### ASSIGNMENT
Your job is to copy the data that follows exactly, every line included.

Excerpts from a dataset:
+ + + + +

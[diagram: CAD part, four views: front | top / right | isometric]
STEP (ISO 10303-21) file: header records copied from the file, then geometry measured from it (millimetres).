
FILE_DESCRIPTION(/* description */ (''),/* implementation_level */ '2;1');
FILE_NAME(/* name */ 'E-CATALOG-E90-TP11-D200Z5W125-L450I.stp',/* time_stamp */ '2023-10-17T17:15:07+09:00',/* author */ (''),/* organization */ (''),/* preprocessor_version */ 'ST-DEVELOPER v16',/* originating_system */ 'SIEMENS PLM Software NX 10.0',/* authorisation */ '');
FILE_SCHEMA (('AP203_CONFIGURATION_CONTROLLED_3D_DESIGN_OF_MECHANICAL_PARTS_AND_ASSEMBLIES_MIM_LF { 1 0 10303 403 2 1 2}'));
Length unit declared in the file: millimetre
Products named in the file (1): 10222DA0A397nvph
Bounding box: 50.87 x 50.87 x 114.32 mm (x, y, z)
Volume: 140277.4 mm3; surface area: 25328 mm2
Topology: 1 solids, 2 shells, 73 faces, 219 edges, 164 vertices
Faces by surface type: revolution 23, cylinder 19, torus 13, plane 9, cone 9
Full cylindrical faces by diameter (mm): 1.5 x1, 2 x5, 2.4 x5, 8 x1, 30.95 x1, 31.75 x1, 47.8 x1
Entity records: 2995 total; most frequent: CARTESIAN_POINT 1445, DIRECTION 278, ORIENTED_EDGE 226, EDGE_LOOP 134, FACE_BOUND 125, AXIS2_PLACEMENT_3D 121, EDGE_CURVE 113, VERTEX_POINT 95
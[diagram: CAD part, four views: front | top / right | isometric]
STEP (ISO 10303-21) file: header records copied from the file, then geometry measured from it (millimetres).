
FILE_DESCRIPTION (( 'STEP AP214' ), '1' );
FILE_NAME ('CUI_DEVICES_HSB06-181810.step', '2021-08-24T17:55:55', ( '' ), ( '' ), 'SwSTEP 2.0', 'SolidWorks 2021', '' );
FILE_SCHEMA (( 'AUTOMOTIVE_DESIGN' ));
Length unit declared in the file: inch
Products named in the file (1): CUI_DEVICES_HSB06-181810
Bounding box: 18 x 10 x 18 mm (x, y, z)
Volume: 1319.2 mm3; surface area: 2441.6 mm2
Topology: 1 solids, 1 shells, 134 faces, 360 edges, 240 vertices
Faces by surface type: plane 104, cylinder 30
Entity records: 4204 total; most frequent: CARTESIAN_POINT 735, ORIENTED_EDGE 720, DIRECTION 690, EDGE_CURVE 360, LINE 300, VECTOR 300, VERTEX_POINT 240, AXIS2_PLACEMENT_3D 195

+ + + + +

### EXERCISE RESPONSE
[diagram: CAD part, four views: front | top / right | isometric]
STEP (ISO 10303-21) file: header records copied from the file, then geometry measured from it (millimetres).
FILE_DESCRIPTION(/* description */ (''),/* implementation_level */ '2;1');
FILE_NAME(/* name */ 'E-CATALOG-E90-TP11-D200Z5W125-L450I.stp',/* time_stamp */ '2023-10-17T17:15:07+09:00',/* author */ (''),/* organization */ (''),/* preprocessor_version */ 'ST-DEVELOPER v16',/* originating_system */ 'SIEMENS PLM Software NX 10.0',/* authorisation */ '');
FILE_SCHEMA (('AP203_CONFIGURATION_CONTROLLED_3D_DESIGN_OF_MECHANICAL_PARTS_AND_ASSEMBLIES_MIM_LF { 1 0 10303 403 2 1 2}'));
Length unit declared in the file: millimetre
Products named in the file (1): 10222DA0A397nvph
Bounding box: 50.87 x 50.87 x 114.32 mm (x, y, z)
Volume: 140277.4 mm3; surface area: 25328 mm2
Topology: 1 solids, 2 shells, 73 faces, 219 edges, 164 vertices
Faces by surface type: revolution 23, cylinder 19, torus 13, plane 9, cone 9
Full cylindrical faces by diameter (mm): 1.5 x1, 2 x5, 2.4 x5, 8 x1, 30.95 x1, 31.75 x1, 47.8 x1
Entity records: 2995 total; most frequent: CARTESIAN_POINT 1445, DIRECTION 278, ORIENTED_EDGE 226, EDGE_LOOP 134, FACE_BOUND 125, AXIS2_PLACEMENT_3D 121, EDGE_CURVE 113, VERTEX_POINT 95
[diagram: CAD part, four views: front | top / right | isometric]
STEP (ISO 10303-21) file: header records copied from the file, then geometry measured from it (millimetres).
FILE_DESCRIPTION (( 'STEP AP214' ), '1' );
FILE_NAME ('CUI_DEVICES_HSB06-181810.step', '2021-08-24T17:55:55', ( '' ), ( '' ), 'SwSTEP 2.0', 'SolidWorks 2021', '' );
FILE_SCHEMA (( 'AUTOMOTIVE_DESIGN' ));
Length unit declared in the file: inch
Products named in the file (1): CUI_DEVICES_HSB06-181810
Bounding box: 18 x 10 x 18 mm (x, y, z)
Volume: 1319.2 mm3; surface area: 2441.6 mm2
Topology: 1 solids, 1 shells, 134 faces, 360 edges, 240 vertices
Faces by surface type: plane 104, cylinder 30
Entity records: 4204 total; most frequent: CARTESIAN_POINT 735, ORIENTED_EDGE 720, DIRECTION 690, EDGE_CURVE 360, LINE 300, VECTOR 300, VERTEX_POINT 240, AXIS2_PLACEMENT_3D 195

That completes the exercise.